Si les recommandations sur les réseaux sociaux professionnels vont prendre de l’importance au fur et à mesure de leur démocratisation, leur valeur restera sujette à caution tant que les utilisateurs de ces outils ne comprendront pas quel degré d’implication elles engagent. J’avais ce soir une intéressante conversation avec Eric Rice à propos de l’importance de prendre du temps pour les rédiger, mais également de les demander, particulièrement dans le contexte actuel.

Les recommandations ont une double utilité qu’il convient de recadrer dans le contexte d’une recherche d’emploi, particulièrement dans le monde finalement assez fermé des technologies de l’information.

Il y a d’abord la facette les amis de mes amis sont mes amis, qui va bien au delà des liens de rang n entre contacts sur les réseaux sociaux professionnels. Si la recommandation signifie j’ai travaillé avec cette personne, c’est un collègue / un partenaire de confiance, vous pouvez collaborer avec lui, elle signifie également vous et moi faisons partie d’un même cercle professionnel restreint centré autour d’untel. Ce dernier point, dans des cercles professionnels plus ou moins restreint, fait presque figure de parrainage et peut permettre d’ouvrir les mêmes portes qu’une mention dans l’annuaire des alumni de certains écoles.

Il y a ensuite la facette cette personne dispose de telle et telle qualité dans son travail, peu ou pas discernable lors d’un entretien d’embauche. Cette seule facette vaut la peine de travailler les recommandations au delà de l’impersonnel collaborateur très compétent à l’esprit d’initiative décliné à toutes les sauces.

J’ai pourtant tendance à soupçonner de nombreuses recommandations comme étant entachées de complaisance. Particulièrement lorsqu’elles ont été écrites par des gens qui n’ont pas travaillé avec vous, mais ont accepté votre demande de recommandation. Si les heureux bénéficiaires s’en sortent bien, les recommandants, eux, ne se rendent souvent pas compte de ce que leur acte engage leur crédibilité auprès de leurs futurs employeurs, collègues ou partenaires.
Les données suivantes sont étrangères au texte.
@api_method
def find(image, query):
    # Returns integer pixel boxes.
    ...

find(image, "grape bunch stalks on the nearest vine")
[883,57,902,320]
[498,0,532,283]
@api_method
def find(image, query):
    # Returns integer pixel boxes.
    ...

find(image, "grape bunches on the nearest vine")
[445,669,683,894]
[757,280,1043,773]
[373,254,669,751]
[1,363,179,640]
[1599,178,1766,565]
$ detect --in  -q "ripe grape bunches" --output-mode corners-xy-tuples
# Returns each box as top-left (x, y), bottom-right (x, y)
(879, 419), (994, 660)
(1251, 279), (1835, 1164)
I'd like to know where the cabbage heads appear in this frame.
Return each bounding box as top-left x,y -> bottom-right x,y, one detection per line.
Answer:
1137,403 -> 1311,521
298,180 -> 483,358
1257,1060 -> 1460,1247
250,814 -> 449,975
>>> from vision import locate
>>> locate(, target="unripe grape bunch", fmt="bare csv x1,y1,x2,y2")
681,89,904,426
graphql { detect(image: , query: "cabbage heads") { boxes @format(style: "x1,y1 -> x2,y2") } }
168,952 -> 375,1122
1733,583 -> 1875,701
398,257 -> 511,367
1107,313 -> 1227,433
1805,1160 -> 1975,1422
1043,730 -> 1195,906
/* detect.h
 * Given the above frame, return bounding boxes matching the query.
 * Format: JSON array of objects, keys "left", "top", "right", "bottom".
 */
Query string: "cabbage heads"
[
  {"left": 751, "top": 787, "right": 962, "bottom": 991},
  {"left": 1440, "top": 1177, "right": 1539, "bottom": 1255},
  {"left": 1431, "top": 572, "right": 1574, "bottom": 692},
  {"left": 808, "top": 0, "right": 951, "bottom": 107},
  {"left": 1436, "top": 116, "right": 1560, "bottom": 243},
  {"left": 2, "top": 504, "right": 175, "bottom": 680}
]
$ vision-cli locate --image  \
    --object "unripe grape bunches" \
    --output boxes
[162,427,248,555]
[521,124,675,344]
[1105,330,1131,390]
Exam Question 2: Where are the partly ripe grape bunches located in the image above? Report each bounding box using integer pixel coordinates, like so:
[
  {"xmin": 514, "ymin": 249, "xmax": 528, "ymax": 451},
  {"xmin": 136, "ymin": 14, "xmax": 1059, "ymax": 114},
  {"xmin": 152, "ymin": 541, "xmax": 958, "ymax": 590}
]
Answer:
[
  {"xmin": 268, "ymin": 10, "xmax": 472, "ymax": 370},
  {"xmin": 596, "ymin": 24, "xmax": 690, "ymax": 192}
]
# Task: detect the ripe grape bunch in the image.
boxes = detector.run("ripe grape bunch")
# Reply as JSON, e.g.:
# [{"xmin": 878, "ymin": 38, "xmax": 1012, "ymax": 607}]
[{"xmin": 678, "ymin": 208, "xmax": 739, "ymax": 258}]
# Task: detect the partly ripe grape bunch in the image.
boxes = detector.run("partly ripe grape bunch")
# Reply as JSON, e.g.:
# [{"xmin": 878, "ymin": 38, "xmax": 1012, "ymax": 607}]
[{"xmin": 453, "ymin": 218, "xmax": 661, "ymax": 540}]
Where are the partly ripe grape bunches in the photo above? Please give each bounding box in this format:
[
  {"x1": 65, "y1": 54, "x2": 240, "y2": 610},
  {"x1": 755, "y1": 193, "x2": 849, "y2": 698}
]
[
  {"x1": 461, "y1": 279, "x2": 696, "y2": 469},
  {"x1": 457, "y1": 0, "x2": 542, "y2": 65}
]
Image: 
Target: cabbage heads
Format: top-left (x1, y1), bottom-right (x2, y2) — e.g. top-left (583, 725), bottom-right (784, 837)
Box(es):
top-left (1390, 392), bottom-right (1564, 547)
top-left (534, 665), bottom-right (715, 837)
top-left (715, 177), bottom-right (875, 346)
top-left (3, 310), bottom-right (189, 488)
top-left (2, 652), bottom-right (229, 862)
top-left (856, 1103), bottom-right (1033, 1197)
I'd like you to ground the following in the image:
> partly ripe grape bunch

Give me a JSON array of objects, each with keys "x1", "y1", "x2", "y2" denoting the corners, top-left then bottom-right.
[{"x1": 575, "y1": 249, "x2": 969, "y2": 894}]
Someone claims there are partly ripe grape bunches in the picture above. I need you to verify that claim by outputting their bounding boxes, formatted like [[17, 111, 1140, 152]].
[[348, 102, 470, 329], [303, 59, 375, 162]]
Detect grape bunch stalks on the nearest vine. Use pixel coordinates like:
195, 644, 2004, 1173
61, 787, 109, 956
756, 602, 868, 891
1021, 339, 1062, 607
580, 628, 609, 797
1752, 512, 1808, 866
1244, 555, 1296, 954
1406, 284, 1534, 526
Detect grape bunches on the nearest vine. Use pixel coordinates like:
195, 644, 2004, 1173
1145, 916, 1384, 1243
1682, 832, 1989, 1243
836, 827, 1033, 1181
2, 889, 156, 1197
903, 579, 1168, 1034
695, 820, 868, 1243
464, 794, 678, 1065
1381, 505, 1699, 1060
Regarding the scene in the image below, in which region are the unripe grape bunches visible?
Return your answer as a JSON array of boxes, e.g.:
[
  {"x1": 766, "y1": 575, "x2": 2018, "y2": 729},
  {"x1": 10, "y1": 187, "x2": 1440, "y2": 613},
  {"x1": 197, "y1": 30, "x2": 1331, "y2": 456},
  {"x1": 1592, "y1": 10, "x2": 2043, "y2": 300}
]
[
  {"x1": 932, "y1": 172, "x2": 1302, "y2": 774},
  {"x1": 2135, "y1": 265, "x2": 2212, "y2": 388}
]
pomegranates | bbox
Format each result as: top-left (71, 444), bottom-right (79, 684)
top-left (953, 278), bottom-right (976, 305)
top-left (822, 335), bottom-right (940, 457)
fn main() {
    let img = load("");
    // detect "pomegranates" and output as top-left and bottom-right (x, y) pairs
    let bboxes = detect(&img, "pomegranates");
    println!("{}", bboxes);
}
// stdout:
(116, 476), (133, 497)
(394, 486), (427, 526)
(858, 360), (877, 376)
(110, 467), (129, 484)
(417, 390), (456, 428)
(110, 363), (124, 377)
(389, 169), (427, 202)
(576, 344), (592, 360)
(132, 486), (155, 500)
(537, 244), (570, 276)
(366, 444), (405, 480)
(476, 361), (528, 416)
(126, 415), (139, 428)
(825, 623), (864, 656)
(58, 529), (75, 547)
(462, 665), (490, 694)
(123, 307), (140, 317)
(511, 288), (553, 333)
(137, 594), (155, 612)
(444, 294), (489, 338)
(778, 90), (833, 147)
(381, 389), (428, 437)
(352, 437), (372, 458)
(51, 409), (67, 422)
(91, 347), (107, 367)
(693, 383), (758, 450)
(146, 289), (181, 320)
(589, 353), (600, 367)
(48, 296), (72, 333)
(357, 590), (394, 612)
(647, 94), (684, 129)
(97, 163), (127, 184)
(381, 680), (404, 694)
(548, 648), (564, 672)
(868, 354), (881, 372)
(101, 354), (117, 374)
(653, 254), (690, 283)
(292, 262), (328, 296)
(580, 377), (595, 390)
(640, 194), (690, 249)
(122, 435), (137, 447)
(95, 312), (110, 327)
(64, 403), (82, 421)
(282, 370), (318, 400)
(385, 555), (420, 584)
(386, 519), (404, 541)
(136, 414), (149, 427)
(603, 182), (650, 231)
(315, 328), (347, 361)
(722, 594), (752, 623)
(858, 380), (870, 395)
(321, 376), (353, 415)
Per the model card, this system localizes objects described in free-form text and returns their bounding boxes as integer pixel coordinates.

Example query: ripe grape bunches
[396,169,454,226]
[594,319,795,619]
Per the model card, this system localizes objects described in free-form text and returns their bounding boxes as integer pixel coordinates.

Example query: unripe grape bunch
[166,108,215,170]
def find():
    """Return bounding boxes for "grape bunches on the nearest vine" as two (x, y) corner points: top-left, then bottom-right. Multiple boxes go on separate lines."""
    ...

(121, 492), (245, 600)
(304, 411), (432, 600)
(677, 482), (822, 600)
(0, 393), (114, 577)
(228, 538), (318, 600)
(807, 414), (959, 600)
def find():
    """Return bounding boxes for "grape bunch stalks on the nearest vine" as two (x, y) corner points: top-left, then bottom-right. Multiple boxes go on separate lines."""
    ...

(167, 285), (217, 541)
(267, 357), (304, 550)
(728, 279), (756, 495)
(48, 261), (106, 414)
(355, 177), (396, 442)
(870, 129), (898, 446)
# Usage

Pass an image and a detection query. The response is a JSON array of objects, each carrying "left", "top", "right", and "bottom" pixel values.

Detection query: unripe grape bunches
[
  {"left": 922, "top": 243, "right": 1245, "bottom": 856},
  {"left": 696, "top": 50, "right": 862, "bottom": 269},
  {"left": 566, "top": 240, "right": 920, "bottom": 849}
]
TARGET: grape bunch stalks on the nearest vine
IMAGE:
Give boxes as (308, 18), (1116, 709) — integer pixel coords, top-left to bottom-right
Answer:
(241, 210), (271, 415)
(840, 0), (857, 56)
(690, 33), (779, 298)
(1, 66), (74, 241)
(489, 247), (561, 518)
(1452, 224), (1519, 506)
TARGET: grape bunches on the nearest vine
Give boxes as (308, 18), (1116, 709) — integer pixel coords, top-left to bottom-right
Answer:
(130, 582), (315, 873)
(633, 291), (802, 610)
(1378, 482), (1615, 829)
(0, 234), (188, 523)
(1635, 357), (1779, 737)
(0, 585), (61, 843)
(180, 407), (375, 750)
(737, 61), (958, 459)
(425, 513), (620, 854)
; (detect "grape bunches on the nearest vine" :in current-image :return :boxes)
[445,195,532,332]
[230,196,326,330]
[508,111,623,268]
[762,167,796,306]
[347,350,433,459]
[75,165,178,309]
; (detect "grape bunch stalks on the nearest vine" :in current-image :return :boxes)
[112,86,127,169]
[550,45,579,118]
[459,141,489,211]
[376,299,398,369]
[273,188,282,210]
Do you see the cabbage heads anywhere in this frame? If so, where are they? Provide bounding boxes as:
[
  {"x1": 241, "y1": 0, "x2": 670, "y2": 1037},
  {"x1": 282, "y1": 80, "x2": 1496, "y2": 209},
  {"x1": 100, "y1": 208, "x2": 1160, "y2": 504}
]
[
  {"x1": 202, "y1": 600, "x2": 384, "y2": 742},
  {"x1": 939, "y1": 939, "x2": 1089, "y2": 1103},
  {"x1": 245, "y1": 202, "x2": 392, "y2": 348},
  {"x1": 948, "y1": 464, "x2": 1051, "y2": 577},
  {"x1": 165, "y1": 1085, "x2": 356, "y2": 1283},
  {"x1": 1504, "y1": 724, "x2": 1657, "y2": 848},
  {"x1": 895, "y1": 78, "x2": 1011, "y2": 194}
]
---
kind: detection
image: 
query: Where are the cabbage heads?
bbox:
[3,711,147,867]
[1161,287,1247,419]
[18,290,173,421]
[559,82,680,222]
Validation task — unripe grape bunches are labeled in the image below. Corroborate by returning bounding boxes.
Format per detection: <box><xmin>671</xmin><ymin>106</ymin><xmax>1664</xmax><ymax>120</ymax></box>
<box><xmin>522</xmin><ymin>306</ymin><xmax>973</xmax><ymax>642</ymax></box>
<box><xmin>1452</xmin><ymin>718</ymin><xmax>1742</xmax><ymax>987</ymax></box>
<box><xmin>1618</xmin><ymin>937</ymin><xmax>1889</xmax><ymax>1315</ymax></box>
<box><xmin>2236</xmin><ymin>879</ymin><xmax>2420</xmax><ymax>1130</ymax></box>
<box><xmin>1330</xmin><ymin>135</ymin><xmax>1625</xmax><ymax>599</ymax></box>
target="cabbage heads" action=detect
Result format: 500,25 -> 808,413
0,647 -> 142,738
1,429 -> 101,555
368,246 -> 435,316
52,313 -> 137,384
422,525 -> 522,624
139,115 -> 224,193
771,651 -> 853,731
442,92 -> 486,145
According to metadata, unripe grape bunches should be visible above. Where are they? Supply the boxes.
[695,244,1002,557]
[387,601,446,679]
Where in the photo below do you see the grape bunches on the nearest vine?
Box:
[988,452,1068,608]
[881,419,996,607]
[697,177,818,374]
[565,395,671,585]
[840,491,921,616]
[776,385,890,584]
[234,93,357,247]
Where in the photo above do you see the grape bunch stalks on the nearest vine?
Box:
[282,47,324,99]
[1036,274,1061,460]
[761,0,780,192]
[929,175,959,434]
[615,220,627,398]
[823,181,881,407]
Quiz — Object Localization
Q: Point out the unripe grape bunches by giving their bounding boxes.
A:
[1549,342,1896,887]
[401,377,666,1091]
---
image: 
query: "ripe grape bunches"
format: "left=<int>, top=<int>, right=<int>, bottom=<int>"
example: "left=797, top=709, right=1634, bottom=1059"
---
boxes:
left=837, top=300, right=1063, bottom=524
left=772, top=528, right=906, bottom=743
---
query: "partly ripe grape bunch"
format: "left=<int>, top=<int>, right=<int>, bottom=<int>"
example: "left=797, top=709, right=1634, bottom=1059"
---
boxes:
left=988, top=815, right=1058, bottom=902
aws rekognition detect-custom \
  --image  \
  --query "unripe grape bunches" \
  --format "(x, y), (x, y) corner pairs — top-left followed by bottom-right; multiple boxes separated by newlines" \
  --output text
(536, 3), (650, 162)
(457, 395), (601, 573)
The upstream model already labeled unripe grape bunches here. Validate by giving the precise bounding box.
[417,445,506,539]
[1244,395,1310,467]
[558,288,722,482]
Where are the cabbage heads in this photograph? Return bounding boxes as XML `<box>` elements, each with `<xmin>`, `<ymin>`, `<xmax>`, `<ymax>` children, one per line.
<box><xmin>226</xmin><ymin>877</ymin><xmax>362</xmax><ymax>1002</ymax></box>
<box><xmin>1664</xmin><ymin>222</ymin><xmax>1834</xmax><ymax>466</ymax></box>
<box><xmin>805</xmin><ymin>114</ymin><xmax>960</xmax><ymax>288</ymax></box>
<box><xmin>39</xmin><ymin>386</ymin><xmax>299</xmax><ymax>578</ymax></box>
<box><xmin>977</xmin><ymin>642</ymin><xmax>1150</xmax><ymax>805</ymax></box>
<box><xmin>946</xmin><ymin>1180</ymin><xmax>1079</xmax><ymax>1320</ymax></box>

Feriez-vous confiance à quelqu’un qui louerait les capacités techniques d’une personne notoirement incompétente ? Je crois que l’abus de recommandations de complaisance autour de moi est une des raisons qui me poussent à ne pas en distribuer beaucoup, y compris à des personnes de confiance, dont le mérite et les compétences ne font aucun doute.

Éric sépare les gens à qui il distribue ses recommandations en deux catégories distinctes :

  • Les personnes avec lesquelles il a effectivement travaillé, d’une manière ou d’une autre.
  • Les personnes avec lesquelles il n’a pas travaillé, mais dont il a suivi la carrière pour telle ou telle raison.

Évidemment, tout ceci ne vaut que dans un milieu qui connaît l’importance et la pertinence des outils sociaux professionnels, et sait en tirer profit, ce qui n’est pas du tout la même chose et me rappelle une conversation que j’ai eue l’autre jour avec Bertrand Duperrin à propos de l’appropriation du web social par la fameuse génération Y dont on fait tout un flan depuis deux ans. Il semble que cette frange de la population ait la connaissance et la maîtrise technologique de ces outils – réseaux sociaux d’entreprise, blogs, moteurs de recherche – mais qu’elle soit incapable de les mettre à profit et de capitaliser sur ces connaissances une fois arrivée sur le marché du travail. Cela m’amène à me poser la question de la valeur ajoutée – réelle cette fois – de ces services dans le cadre professionnel, entre réputation surfaite du premier et besoin de mutation du second pour s’y adapter, mais également de l’adéquation de la formation reçue par cette génération face à l’arrivée d’outils nouveaux.